Pemakaman digelar, Andre Sena dan Dika ada menemani Tari.


"Aku turut berduka cita yaa Tari, kita pulang" Ajak Sena.


"Ayo kita pulang Tari, kamu ikutlah denganku" Andre mengajak Tari juga.


setibanya di villa.


"Andre, bisakah kamu menemaniku istirahat? Sebentar saja" pinta Tari


"ohhhh, tentu"


"padahal aku ingin menemani Sena"


Dika yang melihat Sena berjalan dipantai, mencoba menghampiri.


"permisi sekretaris, bagaimana tentang pengajuan Tuanmu ini yang ingin menjadi pasanganmu? apa kamu ingin mewawancaraiku terlebih dulu?" Dika mengajak Sena bercanda.
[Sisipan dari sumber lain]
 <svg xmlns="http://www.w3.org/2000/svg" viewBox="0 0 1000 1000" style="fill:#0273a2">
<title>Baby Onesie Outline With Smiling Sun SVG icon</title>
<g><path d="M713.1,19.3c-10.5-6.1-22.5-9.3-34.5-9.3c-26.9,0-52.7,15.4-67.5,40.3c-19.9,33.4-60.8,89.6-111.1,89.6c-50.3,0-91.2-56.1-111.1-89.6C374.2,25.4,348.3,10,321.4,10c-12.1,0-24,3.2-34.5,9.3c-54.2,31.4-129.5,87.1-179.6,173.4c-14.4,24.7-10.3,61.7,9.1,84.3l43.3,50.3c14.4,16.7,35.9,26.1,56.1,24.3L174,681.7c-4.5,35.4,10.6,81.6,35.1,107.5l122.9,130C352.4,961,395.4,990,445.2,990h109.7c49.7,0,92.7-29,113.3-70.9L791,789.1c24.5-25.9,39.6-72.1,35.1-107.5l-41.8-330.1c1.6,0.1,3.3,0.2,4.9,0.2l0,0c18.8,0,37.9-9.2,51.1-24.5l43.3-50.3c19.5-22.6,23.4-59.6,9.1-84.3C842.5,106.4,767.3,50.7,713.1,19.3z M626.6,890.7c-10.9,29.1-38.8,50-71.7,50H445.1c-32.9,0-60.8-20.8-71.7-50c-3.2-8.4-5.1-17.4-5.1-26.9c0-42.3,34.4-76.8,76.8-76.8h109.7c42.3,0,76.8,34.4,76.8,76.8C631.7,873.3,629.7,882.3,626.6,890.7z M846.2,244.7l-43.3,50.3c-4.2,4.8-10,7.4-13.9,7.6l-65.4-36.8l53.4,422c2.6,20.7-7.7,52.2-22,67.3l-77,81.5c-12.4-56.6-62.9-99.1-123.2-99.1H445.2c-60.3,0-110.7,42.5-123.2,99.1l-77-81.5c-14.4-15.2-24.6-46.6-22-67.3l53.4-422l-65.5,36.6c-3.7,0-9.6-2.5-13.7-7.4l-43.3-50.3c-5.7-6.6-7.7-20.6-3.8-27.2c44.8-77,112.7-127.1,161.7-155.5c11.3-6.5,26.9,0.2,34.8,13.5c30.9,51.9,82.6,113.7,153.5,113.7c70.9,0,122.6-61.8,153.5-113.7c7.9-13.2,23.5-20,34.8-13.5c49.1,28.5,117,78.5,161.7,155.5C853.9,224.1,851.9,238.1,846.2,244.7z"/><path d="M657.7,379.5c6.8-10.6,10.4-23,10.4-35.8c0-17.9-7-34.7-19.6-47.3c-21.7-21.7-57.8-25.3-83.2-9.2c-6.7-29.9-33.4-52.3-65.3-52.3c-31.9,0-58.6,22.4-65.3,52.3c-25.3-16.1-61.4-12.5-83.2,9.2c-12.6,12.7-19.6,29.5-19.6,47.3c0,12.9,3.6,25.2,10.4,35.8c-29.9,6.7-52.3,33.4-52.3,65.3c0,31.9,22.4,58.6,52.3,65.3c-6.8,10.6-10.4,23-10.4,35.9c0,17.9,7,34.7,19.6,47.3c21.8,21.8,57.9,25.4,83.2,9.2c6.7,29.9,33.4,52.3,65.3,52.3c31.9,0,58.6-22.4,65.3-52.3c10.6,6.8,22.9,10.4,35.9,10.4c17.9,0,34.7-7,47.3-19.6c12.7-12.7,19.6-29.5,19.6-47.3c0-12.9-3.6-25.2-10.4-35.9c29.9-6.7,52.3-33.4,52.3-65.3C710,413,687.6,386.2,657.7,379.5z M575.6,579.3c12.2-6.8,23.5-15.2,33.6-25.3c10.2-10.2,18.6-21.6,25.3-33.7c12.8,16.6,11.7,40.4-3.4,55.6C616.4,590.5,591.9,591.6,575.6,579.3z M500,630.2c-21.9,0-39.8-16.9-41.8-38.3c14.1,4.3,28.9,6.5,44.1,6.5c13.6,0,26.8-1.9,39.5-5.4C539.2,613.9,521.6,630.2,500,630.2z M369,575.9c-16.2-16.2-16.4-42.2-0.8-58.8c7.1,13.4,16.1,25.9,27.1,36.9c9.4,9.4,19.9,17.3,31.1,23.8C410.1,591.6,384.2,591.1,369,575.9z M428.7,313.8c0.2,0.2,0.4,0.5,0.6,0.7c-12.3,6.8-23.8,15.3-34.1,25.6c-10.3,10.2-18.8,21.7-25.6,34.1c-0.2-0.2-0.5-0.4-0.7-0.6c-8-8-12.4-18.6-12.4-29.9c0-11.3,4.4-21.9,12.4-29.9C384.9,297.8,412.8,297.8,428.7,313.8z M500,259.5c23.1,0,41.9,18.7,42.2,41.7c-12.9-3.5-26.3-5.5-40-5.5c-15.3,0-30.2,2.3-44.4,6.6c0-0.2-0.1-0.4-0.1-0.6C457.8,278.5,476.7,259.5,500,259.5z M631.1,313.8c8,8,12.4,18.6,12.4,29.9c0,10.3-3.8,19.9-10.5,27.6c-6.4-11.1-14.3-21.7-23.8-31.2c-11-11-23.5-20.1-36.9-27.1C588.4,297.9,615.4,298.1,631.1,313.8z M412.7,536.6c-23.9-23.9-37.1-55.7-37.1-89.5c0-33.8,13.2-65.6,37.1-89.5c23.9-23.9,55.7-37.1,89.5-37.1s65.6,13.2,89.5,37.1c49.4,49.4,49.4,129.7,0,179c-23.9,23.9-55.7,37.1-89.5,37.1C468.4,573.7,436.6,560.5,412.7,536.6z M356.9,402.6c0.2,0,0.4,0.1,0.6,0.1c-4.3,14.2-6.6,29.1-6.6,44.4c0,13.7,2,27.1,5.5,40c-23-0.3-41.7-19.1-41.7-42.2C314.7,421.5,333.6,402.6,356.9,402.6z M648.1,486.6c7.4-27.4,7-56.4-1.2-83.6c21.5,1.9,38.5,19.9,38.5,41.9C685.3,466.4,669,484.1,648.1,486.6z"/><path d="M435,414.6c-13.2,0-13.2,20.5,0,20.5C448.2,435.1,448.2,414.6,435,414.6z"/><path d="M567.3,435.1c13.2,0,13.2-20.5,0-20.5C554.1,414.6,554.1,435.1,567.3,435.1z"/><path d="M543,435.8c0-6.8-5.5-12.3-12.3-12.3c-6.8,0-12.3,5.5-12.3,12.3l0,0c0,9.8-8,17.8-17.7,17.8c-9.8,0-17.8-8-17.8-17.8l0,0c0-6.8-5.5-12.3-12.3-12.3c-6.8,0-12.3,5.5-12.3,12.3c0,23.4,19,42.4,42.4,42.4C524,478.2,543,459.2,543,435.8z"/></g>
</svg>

"Apa apan sih kamu ini Dik" Sena membalas Dika tersenyum.


"aku pernah melihatmu menyiram Monic di sebuah Resto di bandung, dan pada saat itu aku berbicara pada diriku sendiri bahwa kamu adalah seorang pria yang sangat kasar terhadap perempuan" lanjut Sena.


Dika menghela nafas, "kamu melihat seorang pria memperlakukan wanitanya dengan kasar, tapi kamu tidak tau bagaimana perasaan pria itu pada saat disana"


"Tuaaaaaaannnn, ada telpon dari Tuan Besaaarrr" teriak Alfin.


"baiklaaaahhh aku segeraa kesanaaa" jawab Dika

__ADS_1


"Andaikan kamu tau Sena diriku pada saat itu..."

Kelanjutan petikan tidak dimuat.